But antibody therapies have drawbacks. They’re expensive and must be given via infusion or injection. That makes them poor options for many low- and middle-income countries. And they may not perform as well against some circulating variants. In fact, on June 25 the FDA paused distribution of Lilly’s antibody cocktail nationwide because of the increasing prevalence of two variants of concern that don’t seem to respond to the medicines.
When it comes to antiviral drugs, which interrupt the virus’s ability to replicate, even fewer options are available. Remdesivir is the only such medication approved to treat covid-19, in large part because it was one of the few candidates that had been tested for safety in humans when the pandemic hit, so it had a head start. But just how well it works is still an open question. Some studies have found it to shorten the length of the illness, while others suggest it has little impact. The World Health Organization does not recommend its use.
Antiviral development has lagged for a variety of reasons. Until covid-19, companies didn’t have much of a financial incentive to produce these drugs. The antivirals that do exist target just 10 viruses, and half of them treat HIV. Chronic infections require lengthier treatments and thus make more money. “If there is not an obvious market for a therapeutic, then generally speaking, they’re not going to invest in those types of therapeutics,” says John Bamforth, interim executive director of READDI, a public-private partnership at the University of North Carolina at Chapel Hill founded to develop novel antivirals.

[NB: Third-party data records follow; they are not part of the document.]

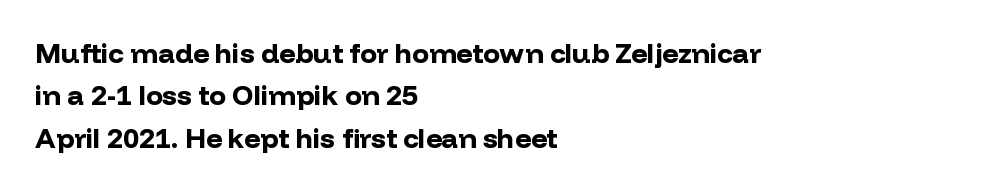
The image shows 28 px bold sans-serif type, upright; set left-aligned, normal line spacing (1.51x), normal letter spacing, not underlined; low stroke contrast and a medium x-height.
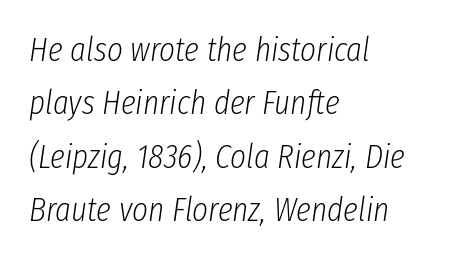
The lines sit at an ordinary, default distance from one another. Ink coverage per letter is moderate at most. This rendering uses left alignment, leaving the right contour irregular. Think of a printed novel: that variable character pitch is what you see here.
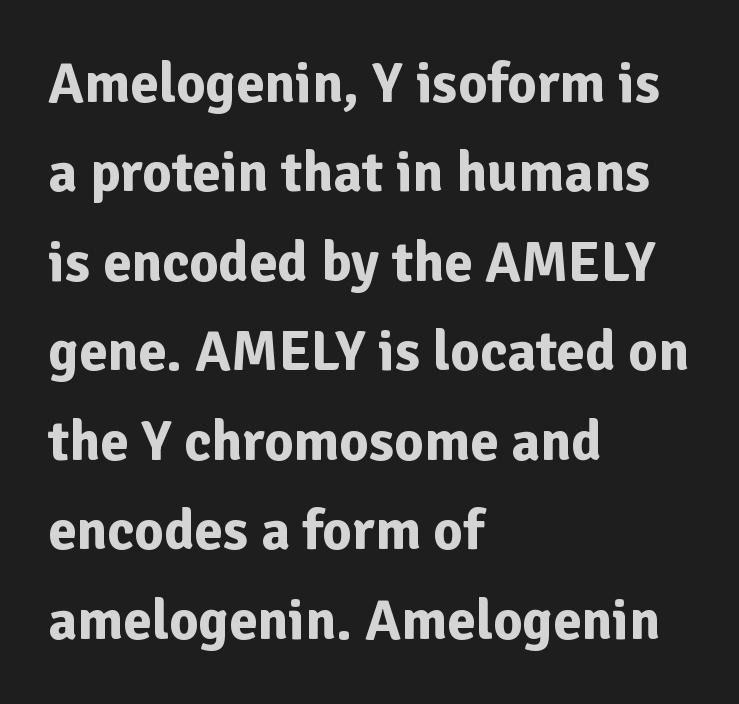
Looks like regular typesetting: each glyph gets only the width it needs. It's the straight-up-and-down kind of type. Bold? Absolutely — the strokes are thick and heavy. Glyph-to-glyph distance matches everyday printed text.
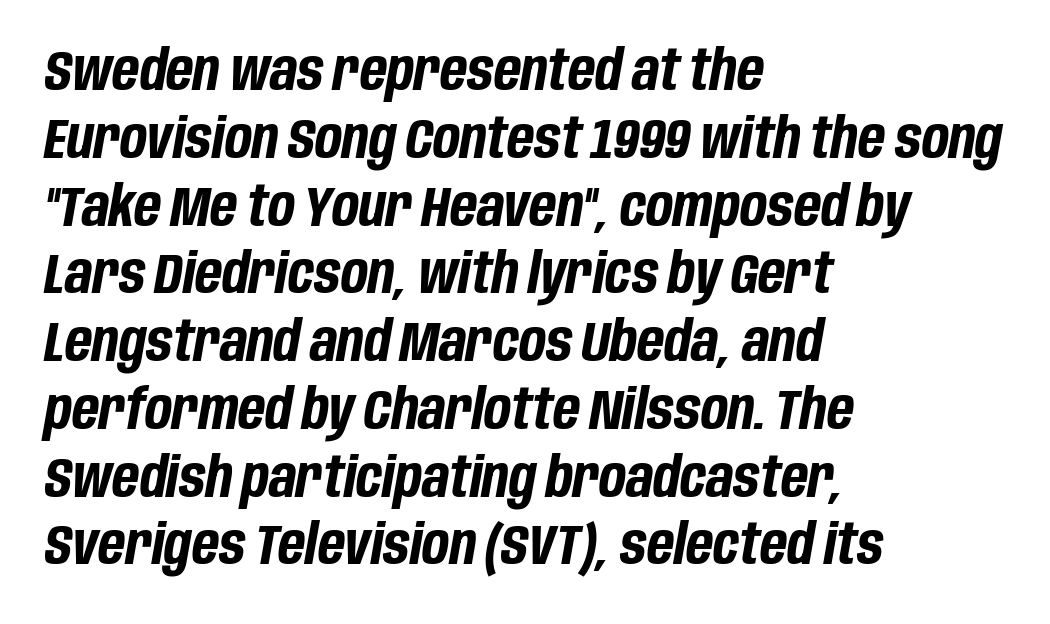
Style check: oblique. Decoration check: the copy has no underline. Here the designer chose a conventional face with non-uniform glyph widths. On the weight axis this lands at bold, roughly 700.
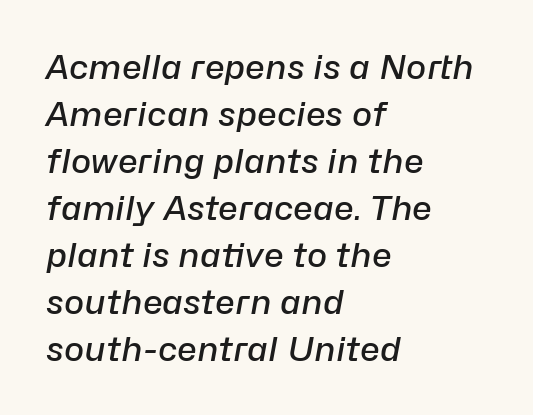
{"italic": "yes", "lean": "right", "slant_degrees": 10, "bold": "semi", "weight": "semibold", "width": "normal", "stroke_contrast": "low", "x_height": "medium", "monospaced": "no", "underline": "no", "align": "left", "line_spacing": "normal", "line_spacing_ratio": 1.38, "letter_spacing": "normal", "letter_spacing_em": 0.0, "glyph_px": 34}
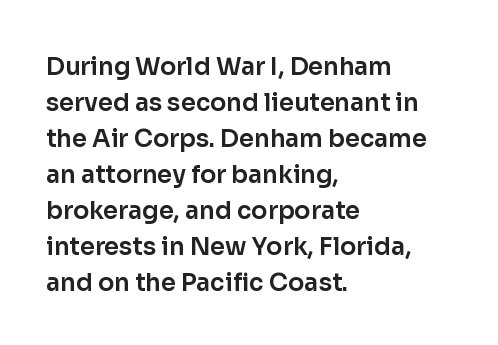
You can tell it's not italic because the verticals are truly vertical. Whoever set this chose a conventional vertical rhythm. The line texture is even and compact thanks to regular tracking. Each row of text sits above clean, open space.
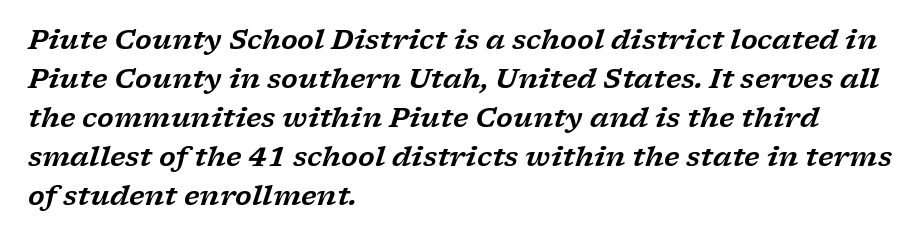
The face used here is rendered with its standard letterfit. The string is rendered with underlining switched off. The paragraph shown leans on its left margin. The text carries the slant typical of an italic or oblique font.
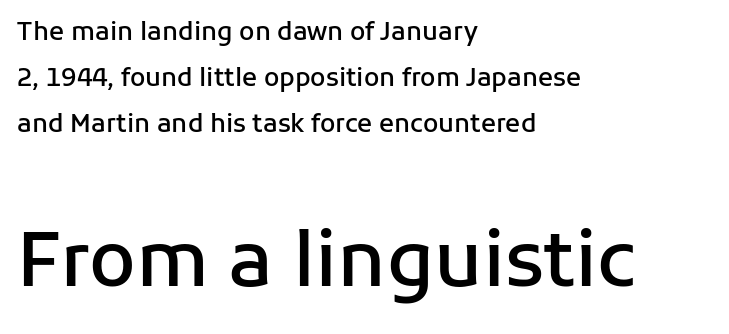
The image shows 76 px semibold sans-serif type, upright; set left-aligned, line spacing 1.85x, normal letter spacing, not underlined; the second (bottom) block is 3.04x larger; low stroke contrast and a medium x-height.
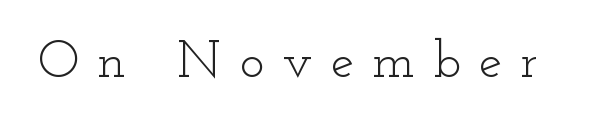
{"serif": "yes", "italic": "no", "bold": "no", "weight": "light", "width": "wide", "stroke_contrast": "low", "x_height": "small", "monospaced": "no", "underline": "no", "letter_spacing": "wide", "letter_spacing_em": 0.35, "glyph_px": 52}
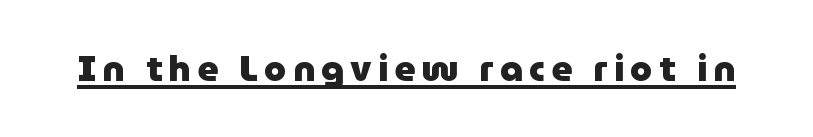
Q: Is the text bold? A: Yes.
Q: Is the text italic (slanted)? A: No, it is upright.
Q: Is the typeface a serif or a sans-serif typeface? A: Sans-serif.
Q: Is the text underlined? A: Yes.
Q: Width (condensed, normal, or wide)? A: Normal.
Q: Stroke contrast? A: Low.
Q: x-height? A: Medium.
Q: Monospaced? A: No.
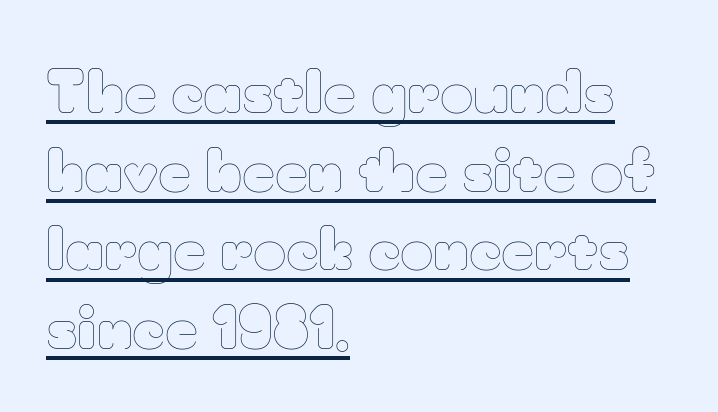
Nothing heavy about these letters — not bold at all. This sample carries an underscore along the baseline area. Each line starts at the same left margin while the right side varies. Does extra space separate the letters? No, they use regular spacing. The line-height multiplier appears to be the usual default.
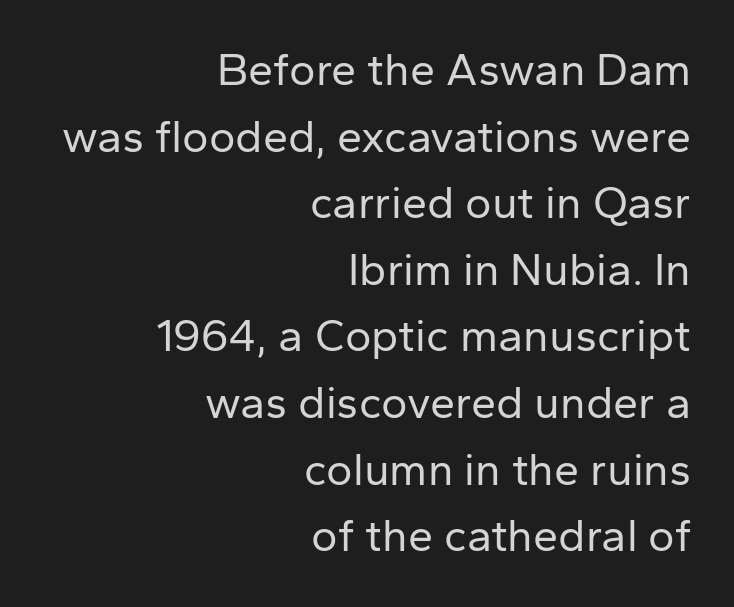
{"serif": "no", "italic": "no", "bold": "no", "weight": "regular", "width": "normal", "stroke_contrast": "low", "x_height": "medium", "monospaced": "no", "underline": "no", "align": "right", "line_spacing": "normal", "line_spacing_ratio": 1.48, "letter_spacing": "normal", "letter_spacing_em": 0.0, "glyph_px": 45}
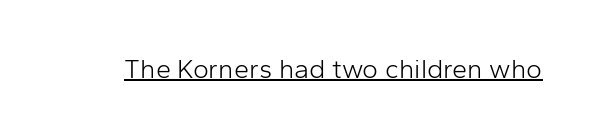
Vertical stems look standard width or narrower in stroke. This sample carries an underscore along the baseline area. Notice how the stems are strictly vertical — no italics here. Spacing between characters is what you'd get straight out of the box.
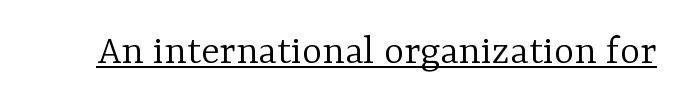
{"serif": "yes", "italic": "no", "bold": "no", "weight": "light", "width": "normal", "stroke_contrast": "low", "x_height": "medium", "monospaced": "no", "underline": "yes", "letter_spacing": "normal", "letter_spacing_em": 0.0, "glyph_px": 43}
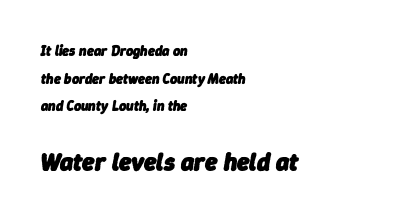
Leading: increased. The words here are not underlined. One-word summary of the alignment: left. If you drew a line through each stem, it would be angled. Caption: standard tracking, unaltered. Emphasis by weight is at full strength: bold.

There are also a number of scientific hurdles. To inhibit replication, a drug has bind to some essential viral protein or enzyme and block its activity without harming the host cell. But unlike bacteria, viruses rely on the machinery inside the cells they inhabit to copy themselves, so they have few proteins of their own. And even when researchers do come across a compound that works, its effectiveness tends to be short-lived because viruses are constantly evolving.
Some researchers, including those at READDI, are working on medicines that target cellular proteins crucial for viral replication. Most antivirals work on only a single virus. The hope is that these compounds would be effective against entire families of them. They may also be less likely to drive resistance.
But novel therapies take more time to develop. That’s why the quickest way to get drugs on the shelves is to repurpose compounds that have already been approved. They have been tested for safety, and there are fewer regulatory hurdles to getting a new use approved for an existing drug. DNDi is testing a variety of existing compounds in a clinical trial called ANTI-COV. The latest study looks at the anti-parasite medicine nitazoxanide combined with an inhaled steroid. “The consensus that is emerging is that you would need a strong antiviral or a combination of antivirals with different mechanisms of action, combined with some kind of anti-inflammatory,” Cohen says.